As my colleague Zack Beauchamp noted, it’s a horrifying thing for a sitting senator to say because of the thousands who would die in such an attack — but it’s worse knowing that it also reflects the president’s view.
Trump sent bombers to scare North Korea. It didn’t work.
Hours before Ri even spoke at the UN on September 23, the US flew an undisclosed number of B-1B bombers and F-15 fighter jets from Guam and Japan, respectively, into international waters off the coast of North Korea.
“This is the farthest north of the Demilitarized Zone (DMZ) any US fighter or bomber aircraft have flown off North Korea’s coast in the 21st century, underscoring the seriousness with which we take [North Korea’s] reckless behavior,” Dana White, the Pentagon’s top spokesperson, said in a September 23 statement.
Today, Ri responded by claiming North Korea has the right to shoot down any US bombers even if they’re not in his country’s airspace. Why? Because North Korea believes Trump’s “won’t be around for much longer” tweet was a declaration of war.
That could pose a problem down the line because one of Trump’s favorite ways to show he’s tough on North Korea is to fly bombers near it. On July 29, he sent two B-1Bs near the North-South border after Pyongyang tested a missile that could likely reach most of the US mainland. The American planes were joined by South Korean and Japanese fighter jets on the mission.
But sending planes to intimidate North Korea isn’t new. In 2013, for example, the US and South Korea practiced a bombing run where two American B-2 stealth bombers dropped eight fake munitions near North Korea as part of an annual exercise.
So the cycle of threat-bombers-threat-bombers isn’t likely to go away anytime soon. The hope is that the cycle breaks before either the US or North Korea miscalculates.

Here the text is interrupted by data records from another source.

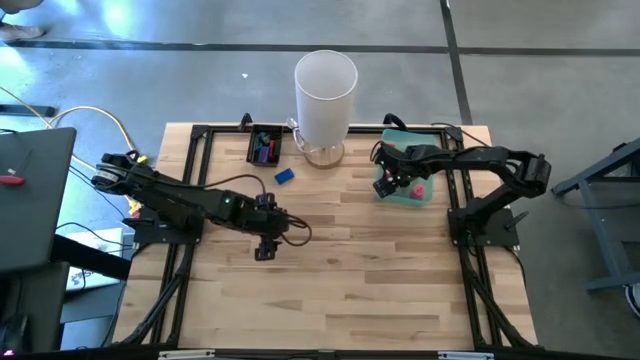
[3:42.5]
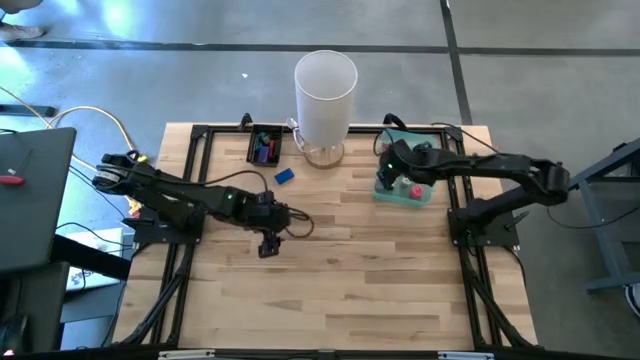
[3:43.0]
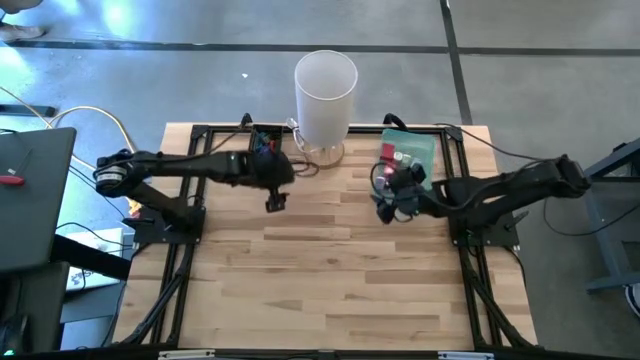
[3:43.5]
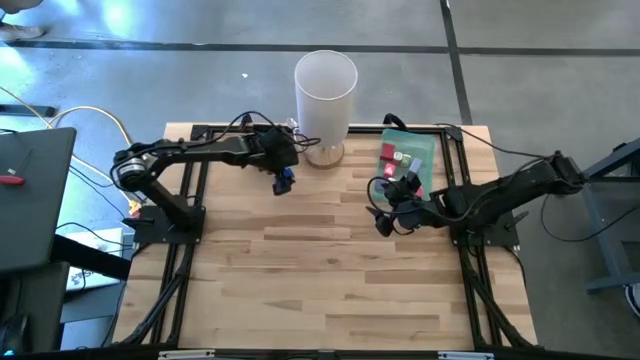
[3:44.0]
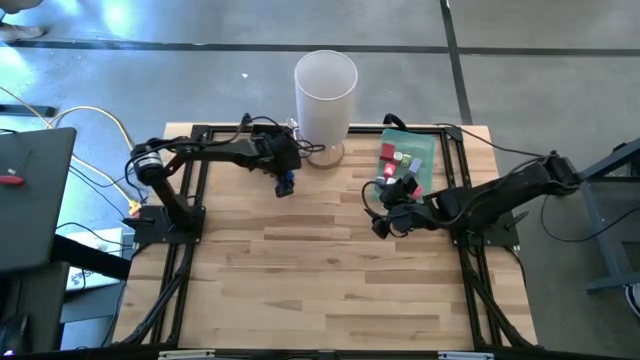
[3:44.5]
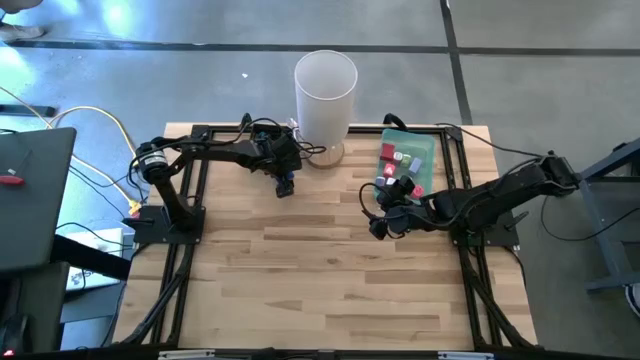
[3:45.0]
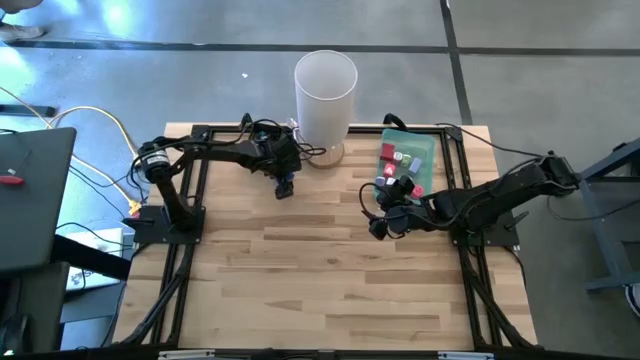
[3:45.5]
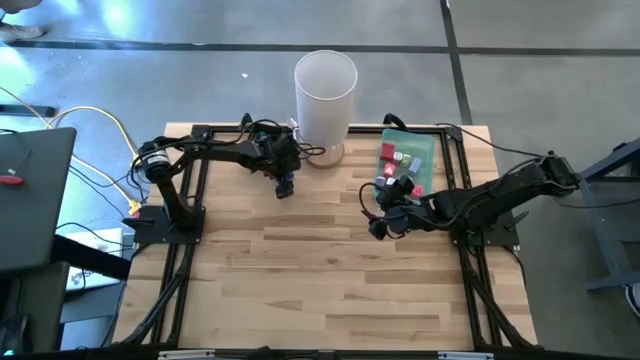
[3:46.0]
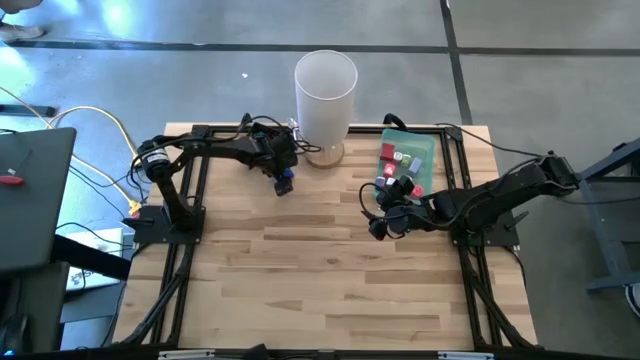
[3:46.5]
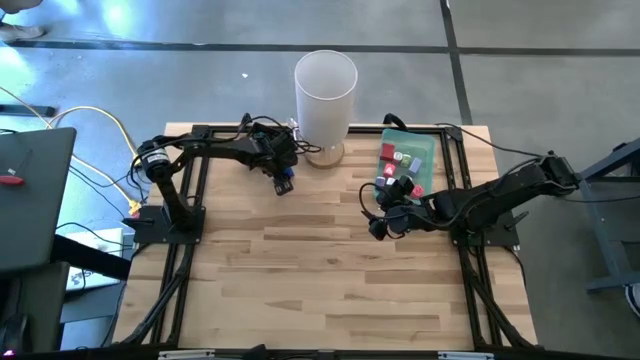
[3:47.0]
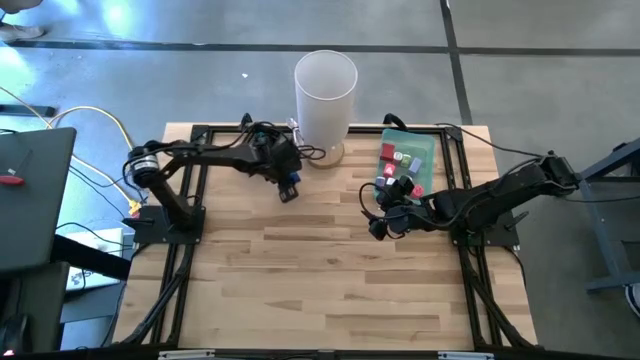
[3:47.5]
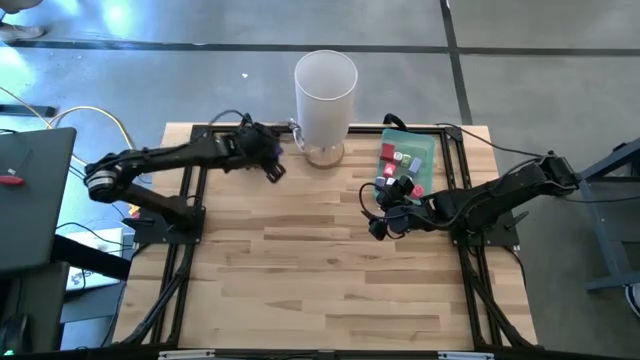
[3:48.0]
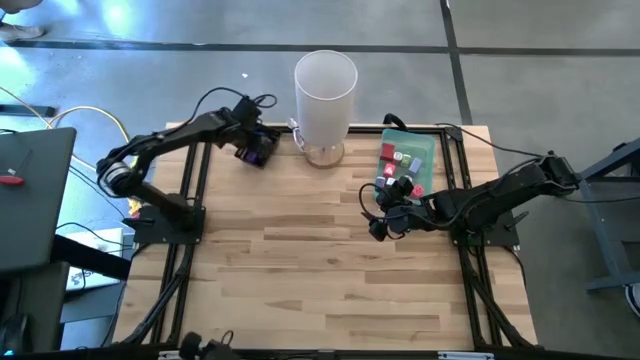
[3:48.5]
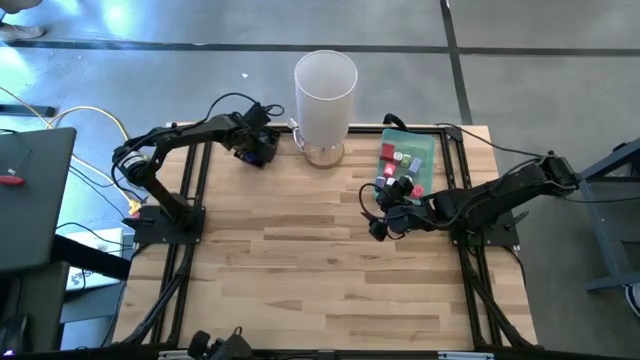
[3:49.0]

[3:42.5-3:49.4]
Put the blue digital clock into the black bin

Americans are wary of starting a war with North Korea
Trump stands largely alone in his apparent eagerness to hit North Korea. Most Americans approve of launching a military strike on North Korea “only if North Korea attacks US or allies first.” That’s according to a new Washington Post-ABC poll released on Sunday that shows 67 percent of respondents don’t want a preemptive strike on the North.

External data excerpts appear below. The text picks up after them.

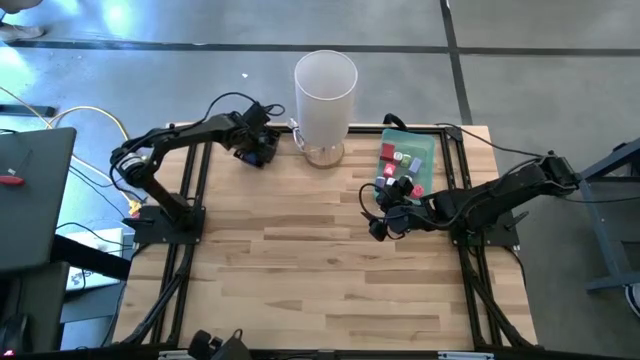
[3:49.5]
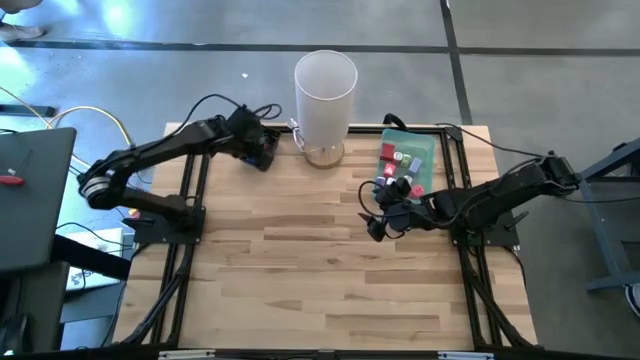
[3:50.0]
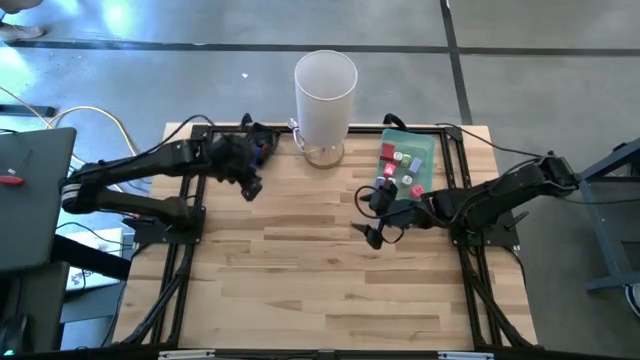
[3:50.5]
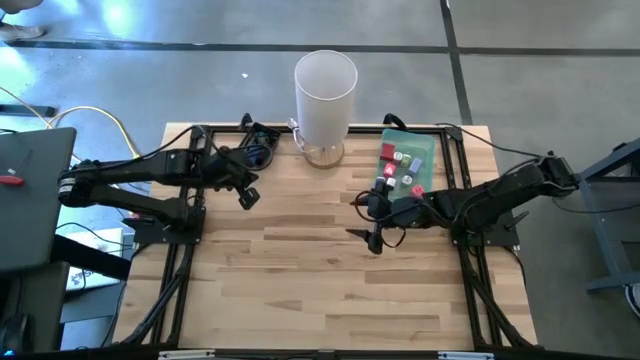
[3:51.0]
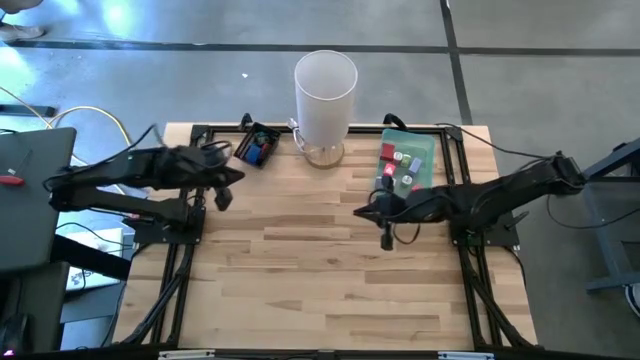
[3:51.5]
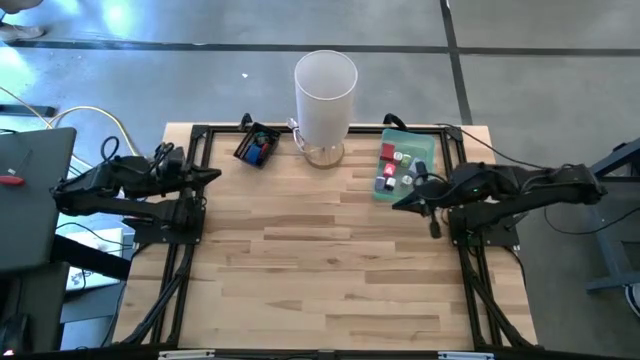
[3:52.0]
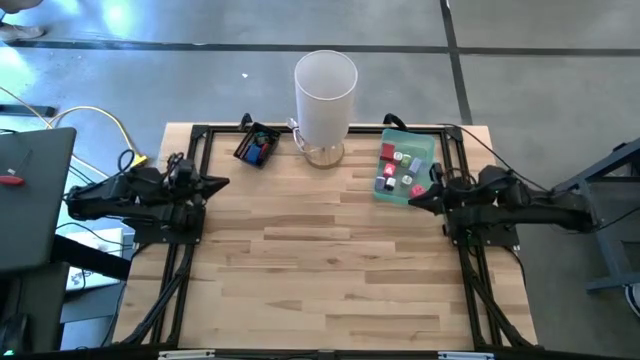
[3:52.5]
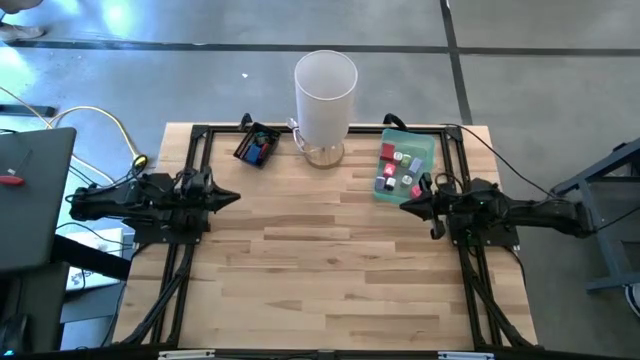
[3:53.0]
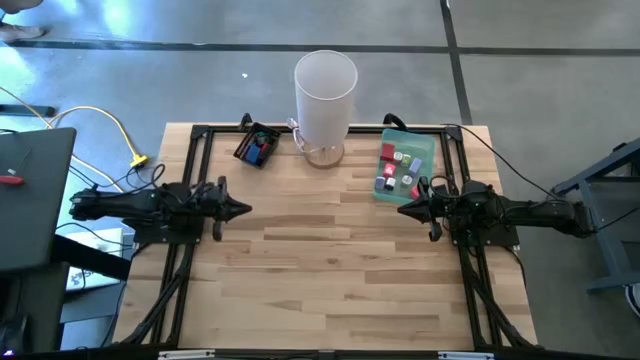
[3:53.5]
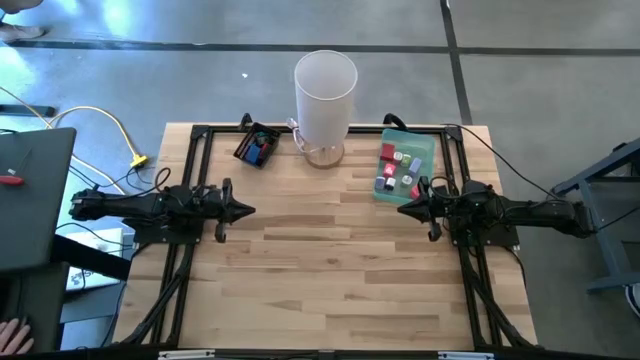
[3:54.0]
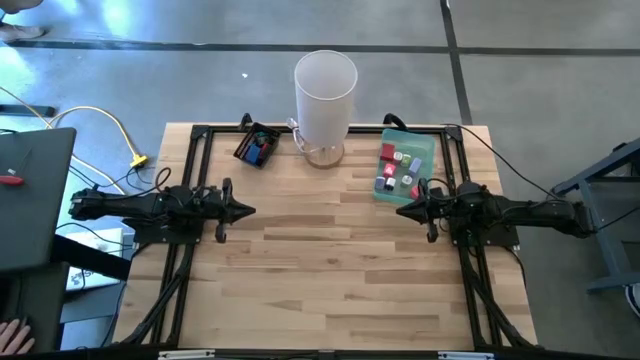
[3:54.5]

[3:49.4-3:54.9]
Return to Home Position

That’s a striking figure given the past few months of missile and nuclear tests coupled with heated rhetoric from both sides.
In part, the American public may on some level understand that a fight with nuclear-armed North Korea would almost certainly be a humanitarian disaster. One war game convened by the Atlantic magazine back in 2005 predicted that a North Korean attack would kill 100,000 people in Seoul in the first few days alone. Others put the estimate even higher. A war game mentioned by the National Interest predicted Seoul could “be hit by over half-a-million shells in under an hour.” The bottom line: there is very little upside to attacking North Korea.
For now, it looks like most Americans — 76 percent — support economic sanctions as a way to encourage Pyongyang to give up its nuclear weapons. That actually aligns with the Trump administration’s policy. Top Trump officials, especially Secretary of Defense Jim Mattis and Secretary of State Rex Tillerson, continue to say the US wants tougher sanctions on North Korea so it has no choice but to negotiate an end its nuclear and missile programs.
Still, Trump could be derailing that effort with his bluster. And that means that war with North Korea remains enormously unlikely, but it’s not impossible.